Repository files navigation

Build Status

imgflo

imgflo is an image-processing server build on top of GEGL which can be visually programmed using Flowhub.io.

imgflo is pronounced "Imageflo(w)".

Changelog

See ./CHANGES.md

License

MIT

Note: GEGL itself is under LGPLv3.

Design

imgflo is split into two parts:

  1. A HTTP server, implemented with CoffeeScript and node.js
  2. A Flowhub.io runtime, implemented in C using GEGL and libsoup

server

The imgflo server provides a HTTP API for processing images:

GET /graphs/mygraph?input=http://example.com/input-image.png&attr1=value1&....

When the server gets the request, it will:

  1. Download the specified 'input' image over HTTP(s)
  2. Find and load the graph 'mygraph'
  3. Set attribute,value pairs as IIPs to the exported ports of the graph
  4. Processes the graph using a runtime*
  5. Stores the output image to disk
  6. Serve the output image over HTTP

Note: In step 4, currently a new runtime is spawned for each request, and communication done through stdin.
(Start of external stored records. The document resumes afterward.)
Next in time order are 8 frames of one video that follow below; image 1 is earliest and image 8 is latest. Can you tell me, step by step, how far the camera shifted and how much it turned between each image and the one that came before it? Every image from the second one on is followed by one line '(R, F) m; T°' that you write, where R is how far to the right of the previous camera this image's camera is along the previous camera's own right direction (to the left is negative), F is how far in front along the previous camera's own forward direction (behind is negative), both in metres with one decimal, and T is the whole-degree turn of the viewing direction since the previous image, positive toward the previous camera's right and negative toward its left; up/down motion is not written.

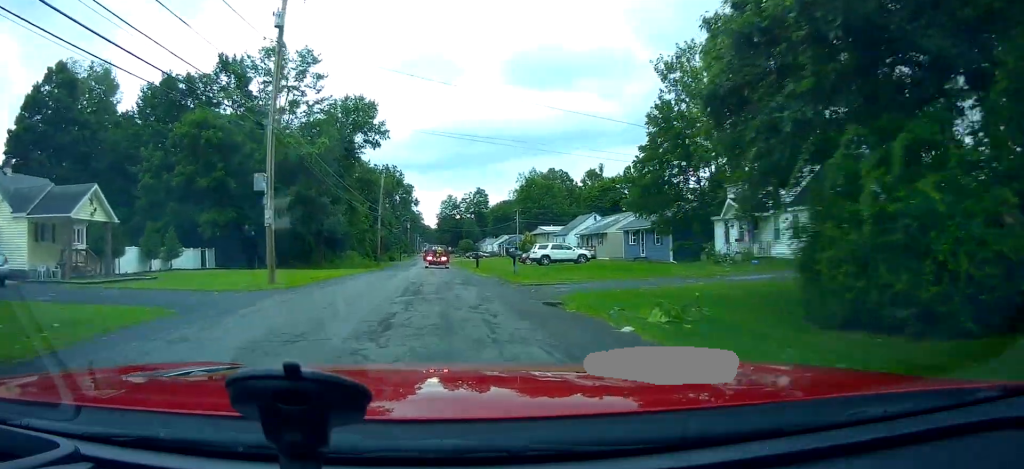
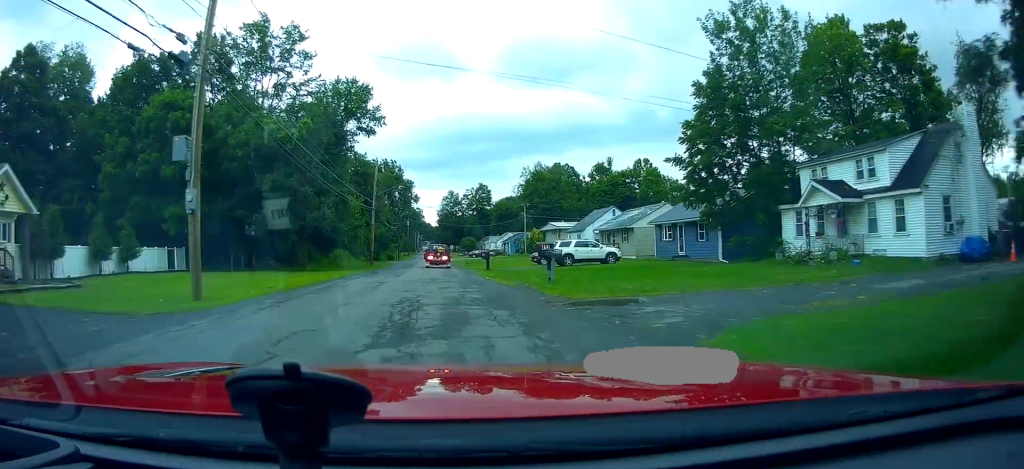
(-0.4, +7.4) m; +1°
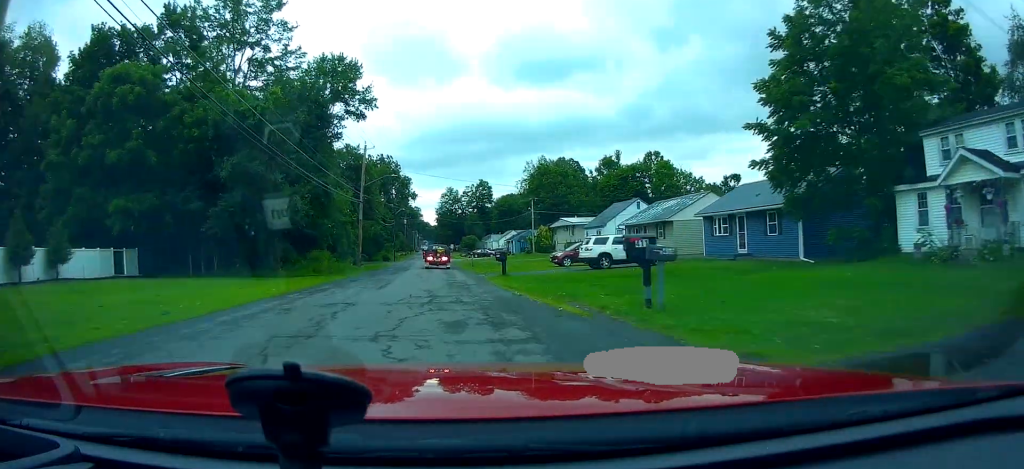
(0.0, +8.5) m; 0°
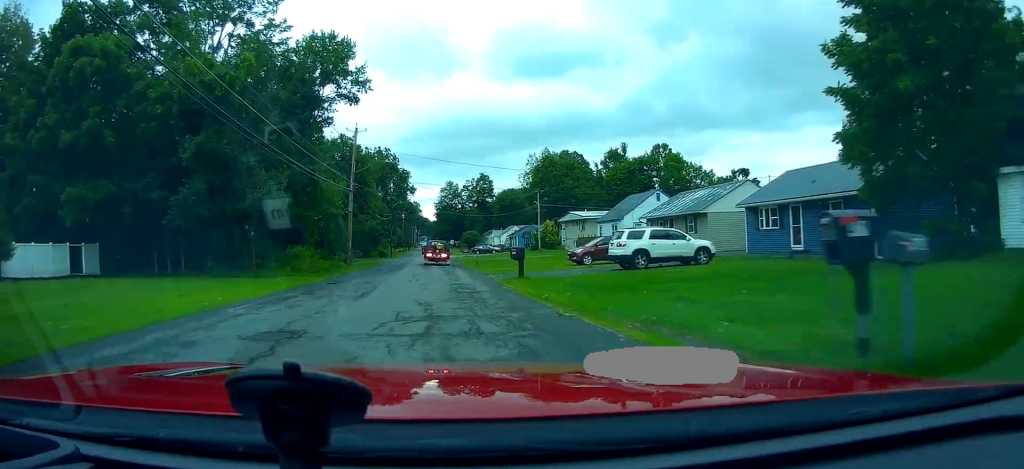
(+0.4, +5.4) m; 0°
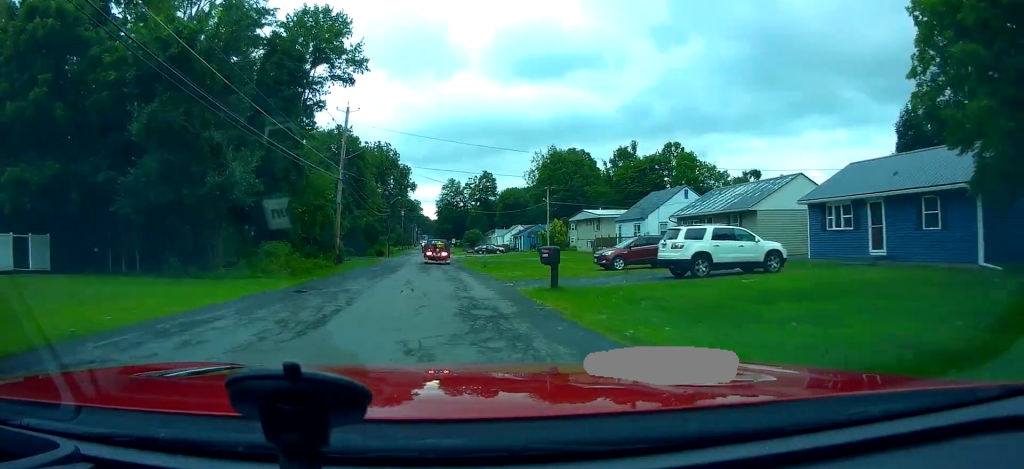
(-0.1, +5.5) m; -1°
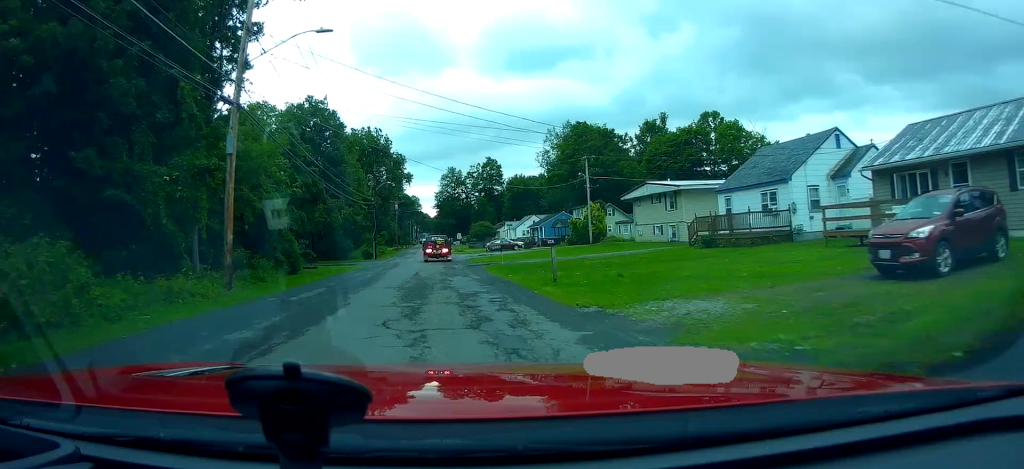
(-1.0, +18.3) m; -2°
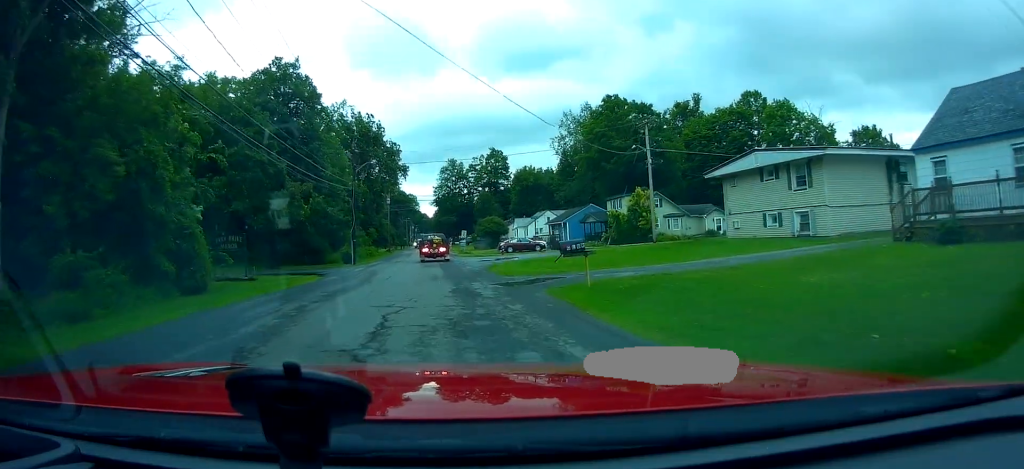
(+0.2, +14.0) m; +2°
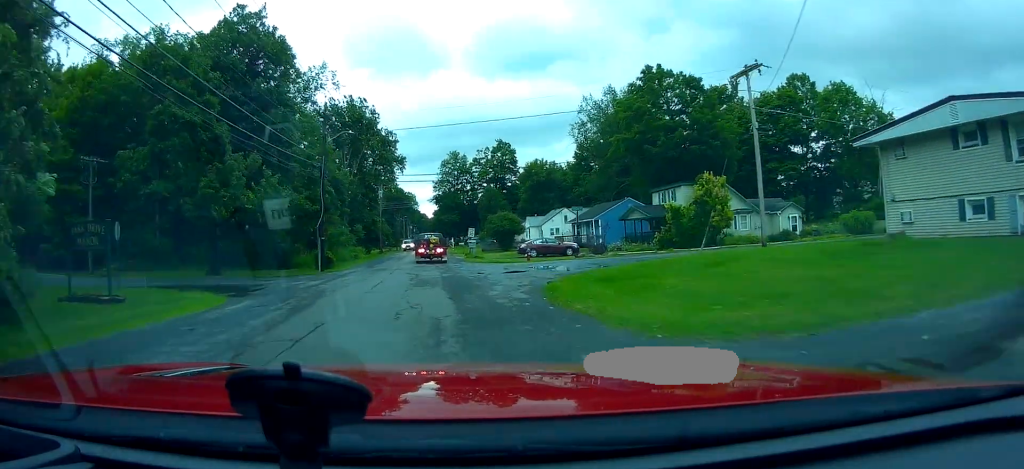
(+0.1, +11.0) m; 0°

In the future, the runtime will be a long-running worker, and communication done using the FBP runtime protocol.

In addition to supporting the native imgflo runtime, the server can also execute graphs built with NoFlo and noflo-canvas. See creating new graphs for server.

runtime

The imgflo runtime implements the [FBP runtime protocol] (http://noflojs.org/documentation/protocol) over WebSockets. It also provides an executable that can load and run a FBP graph defined as [JSON]((http://noflojs.org/documentation/json).

The runtime uses GEGLs native graph structure, wrapped to be compatible with FBP conventions and protocols:

  • All GEGL operations are automatically made available as imgflo components
  • Each imgflo process is a GeglNode
  • imgflo edges can pass data flowing between GeglPad

The edge limitation means that only ports with type GeglBuffer (image data) can be connected together. Other data-types are in GEGL exposed as a GProperty, and can currently only be set it to a FBP IIP literal. In the future, support for streaming property changes from outside is planned.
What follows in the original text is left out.